WORK REQUIRED ▸ Skip pictures in the listing below; copy exactly the lines from the one with "Patient: sex M, age 57" through the one with "H&E-stained tissue: Tonsil", inclusive.

SUPPLIED DATA below:

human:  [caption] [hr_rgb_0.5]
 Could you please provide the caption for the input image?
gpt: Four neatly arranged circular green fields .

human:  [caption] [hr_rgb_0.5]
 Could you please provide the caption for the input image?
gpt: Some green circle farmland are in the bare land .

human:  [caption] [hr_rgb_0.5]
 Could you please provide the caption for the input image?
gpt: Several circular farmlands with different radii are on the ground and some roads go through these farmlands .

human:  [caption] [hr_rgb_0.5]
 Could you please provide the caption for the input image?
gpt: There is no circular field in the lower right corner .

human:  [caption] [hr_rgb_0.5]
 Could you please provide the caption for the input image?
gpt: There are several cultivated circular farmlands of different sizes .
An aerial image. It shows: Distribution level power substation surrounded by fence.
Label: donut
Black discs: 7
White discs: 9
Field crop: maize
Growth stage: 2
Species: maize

End of SUPPLIED DATA.
SUPPLIED DATA below:

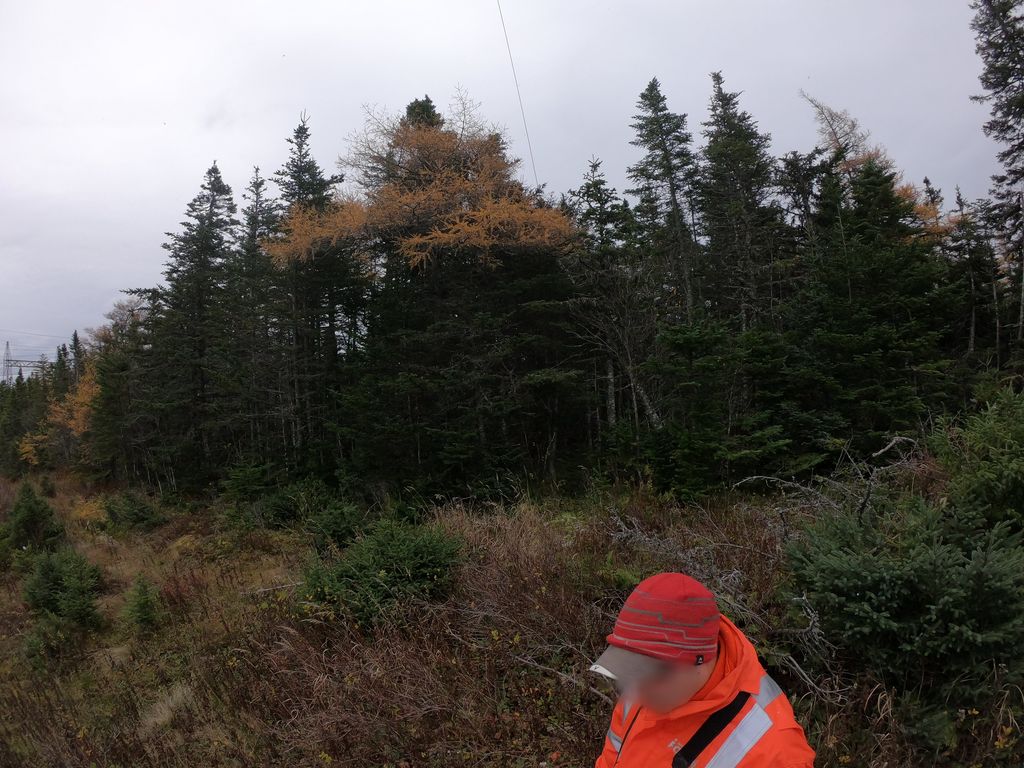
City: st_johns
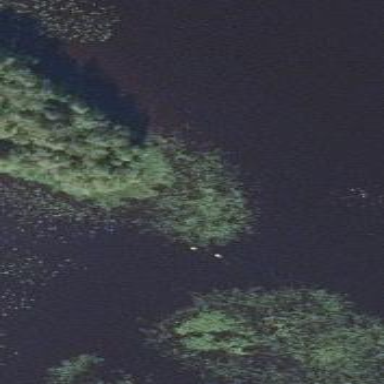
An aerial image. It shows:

End of SUPPLIED DATA.
SUPPLIED DATA below:

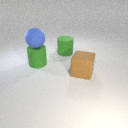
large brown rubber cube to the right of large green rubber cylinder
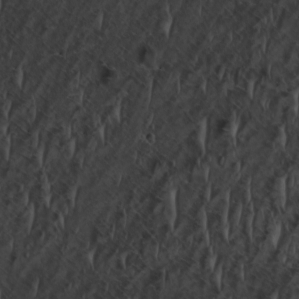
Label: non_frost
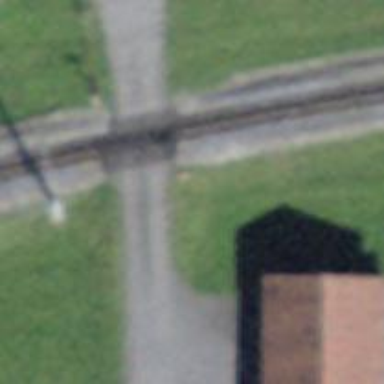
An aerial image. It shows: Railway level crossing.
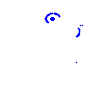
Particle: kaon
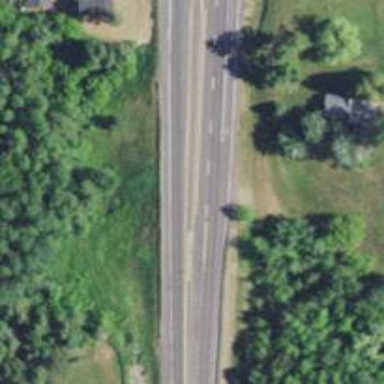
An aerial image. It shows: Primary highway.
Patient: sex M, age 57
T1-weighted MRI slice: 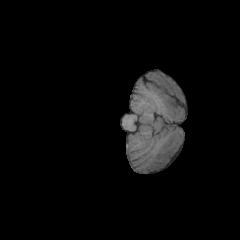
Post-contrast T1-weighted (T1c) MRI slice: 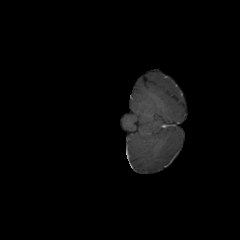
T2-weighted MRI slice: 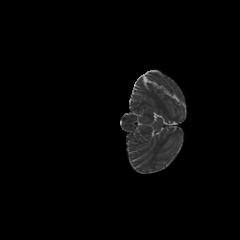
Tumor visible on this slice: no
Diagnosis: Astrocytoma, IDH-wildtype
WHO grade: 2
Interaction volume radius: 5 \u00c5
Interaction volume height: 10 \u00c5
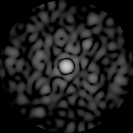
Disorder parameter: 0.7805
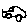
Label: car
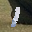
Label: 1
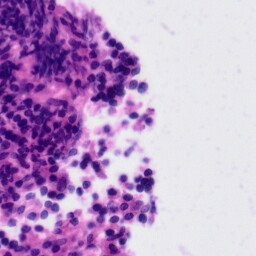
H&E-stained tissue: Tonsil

End of SUPPLIED DATA.

EXERCISE OUTPUT ▸
Patient: sex M, age 57
T1-weighted MRI slice: 
Post-contrast T1-weighted (T1c) MRI slice: 
T2-weighted MRI slice: 
Tumor visible on this slice: no
Diagnosis: Astrocytoma, IDH-wildtype
WHO grade: 2
Interaction volume radius: 5 \u00c5
Interaction volume height: 10 \u00c5
Disorder parameter: 0.7805
Label: car
Label: 1
H&E-stained tissue: Tonsil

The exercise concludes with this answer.